------ Data listing ------
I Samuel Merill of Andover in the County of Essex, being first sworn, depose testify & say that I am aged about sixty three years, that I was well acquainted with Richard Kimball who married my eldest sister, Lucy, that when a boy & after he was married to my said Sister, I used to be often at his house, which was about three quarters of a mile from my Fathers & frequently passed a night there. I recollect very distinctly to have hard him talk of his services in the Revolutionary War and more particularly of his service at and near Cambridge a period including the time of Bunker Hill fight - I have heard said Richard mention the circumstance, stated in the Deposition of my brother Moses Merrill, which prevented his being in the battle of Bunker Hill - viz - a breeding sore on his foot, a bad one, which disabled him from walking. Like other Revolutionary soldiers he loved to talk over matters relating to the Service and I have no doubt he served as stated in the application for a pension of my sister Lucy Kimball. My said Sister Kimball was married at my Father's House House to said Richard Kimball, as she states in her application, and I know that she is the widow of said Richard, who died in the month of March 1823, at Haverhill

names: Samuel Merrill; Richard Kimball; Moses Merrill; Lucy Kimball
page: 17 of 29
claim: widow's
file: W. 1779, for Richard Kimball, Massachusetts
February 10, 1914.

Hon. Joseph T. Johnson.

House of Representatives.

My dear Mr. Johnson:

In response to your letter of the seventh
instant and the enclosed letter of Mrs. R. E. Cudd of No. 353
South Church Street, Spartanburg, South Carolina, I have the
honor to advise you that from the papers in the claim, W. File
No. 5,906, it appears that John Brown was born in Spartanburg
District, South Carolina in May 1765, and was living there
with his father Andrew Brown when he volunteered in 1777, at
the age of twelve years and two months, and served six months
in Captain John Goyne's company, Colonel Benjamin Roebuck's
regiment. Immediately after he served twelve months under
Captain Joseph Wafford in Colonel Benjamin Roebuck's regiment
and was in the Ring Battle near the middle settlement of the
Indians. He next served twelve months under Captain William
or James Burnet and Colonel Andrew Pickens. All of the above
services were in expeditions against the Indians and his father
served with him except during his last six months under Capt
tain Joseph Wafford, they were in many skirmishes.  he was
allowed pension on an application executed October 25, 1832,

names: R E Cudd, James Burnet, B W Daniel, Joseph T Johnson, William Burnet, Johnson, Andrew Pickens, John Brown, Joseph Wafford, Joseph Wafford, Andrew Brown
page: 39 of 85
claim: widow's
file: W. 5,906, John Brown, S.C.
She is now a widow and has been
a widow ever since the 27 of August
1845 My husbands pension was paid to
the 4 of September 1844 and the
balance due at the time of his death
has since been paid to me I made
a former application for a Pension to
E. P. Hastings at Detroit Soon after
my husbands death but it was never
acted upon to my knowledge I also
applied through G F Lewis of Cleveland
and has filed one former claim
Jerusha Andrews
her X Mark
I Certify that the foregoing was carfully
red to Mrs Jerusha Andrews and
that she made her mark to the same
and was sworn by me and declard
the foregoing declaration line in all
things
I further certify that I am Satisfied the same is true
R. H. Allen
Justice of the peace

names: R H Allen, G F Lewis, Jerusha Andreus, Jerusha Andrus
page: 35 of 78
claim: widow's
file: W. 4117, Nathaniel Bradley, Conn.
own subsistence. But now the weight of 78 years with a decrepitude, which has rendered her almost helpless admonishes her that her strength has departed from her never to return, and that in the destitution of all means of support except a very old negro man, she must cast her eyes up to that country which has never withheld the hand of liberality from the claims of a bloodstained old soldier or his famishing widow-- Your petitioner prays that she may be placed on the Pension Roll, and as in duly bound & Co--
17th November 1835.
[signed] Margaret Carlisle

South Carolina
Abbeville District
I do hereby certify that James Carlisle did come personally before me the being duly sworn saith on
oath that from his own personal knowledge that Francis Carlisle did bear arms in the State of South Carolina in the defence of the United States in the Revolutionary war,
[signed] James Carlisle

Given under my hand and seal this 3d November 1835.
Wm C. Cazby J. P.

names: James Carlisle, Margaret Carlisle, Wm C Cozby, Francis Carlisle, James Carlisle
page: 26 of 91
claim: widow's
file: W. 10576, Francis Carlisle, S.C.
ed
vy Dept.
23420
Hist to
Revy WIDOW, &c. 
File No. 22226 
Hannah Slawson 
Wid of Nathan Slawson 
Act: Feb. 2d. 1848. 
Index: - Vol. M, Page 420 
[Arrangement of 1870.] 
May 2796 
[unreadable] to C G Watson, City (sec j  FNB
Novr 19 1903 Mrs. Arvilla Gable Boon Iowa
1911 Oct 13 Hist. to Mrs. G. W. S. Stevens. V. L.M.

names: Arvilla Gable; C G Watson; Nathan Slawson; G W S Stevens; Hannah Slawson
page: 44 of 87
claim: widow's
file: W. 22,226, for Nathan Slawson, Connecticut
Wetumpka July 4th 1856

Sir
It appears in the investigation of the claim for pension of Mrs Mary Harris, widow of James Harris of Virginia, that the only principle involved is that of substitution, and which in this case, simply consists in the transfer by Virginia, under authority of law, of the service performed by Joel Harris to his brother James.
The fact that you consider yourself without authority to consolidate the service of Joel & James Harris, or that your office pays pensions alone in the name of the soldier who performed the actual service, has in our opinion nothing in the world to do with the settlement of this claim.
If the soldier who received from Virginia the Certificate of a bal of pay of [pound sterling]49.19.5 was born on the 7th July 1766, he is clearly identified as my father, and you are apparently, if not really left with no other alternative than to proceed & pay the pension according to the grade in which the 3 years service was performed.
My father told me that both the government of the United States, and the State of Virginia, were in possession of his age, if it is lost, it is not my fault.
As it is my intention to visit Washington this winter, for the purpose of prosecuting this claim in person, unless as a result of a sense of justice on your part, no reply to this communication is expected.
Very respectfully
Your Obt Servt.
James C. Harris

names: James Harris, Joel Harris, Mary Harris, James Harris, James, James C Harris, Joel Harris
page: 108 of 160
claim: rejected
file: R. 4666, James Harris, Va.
------
→ Problem details
For the listing above, state the number of lines that contain the word "Carolina" and nothing more.

→ Task solution
4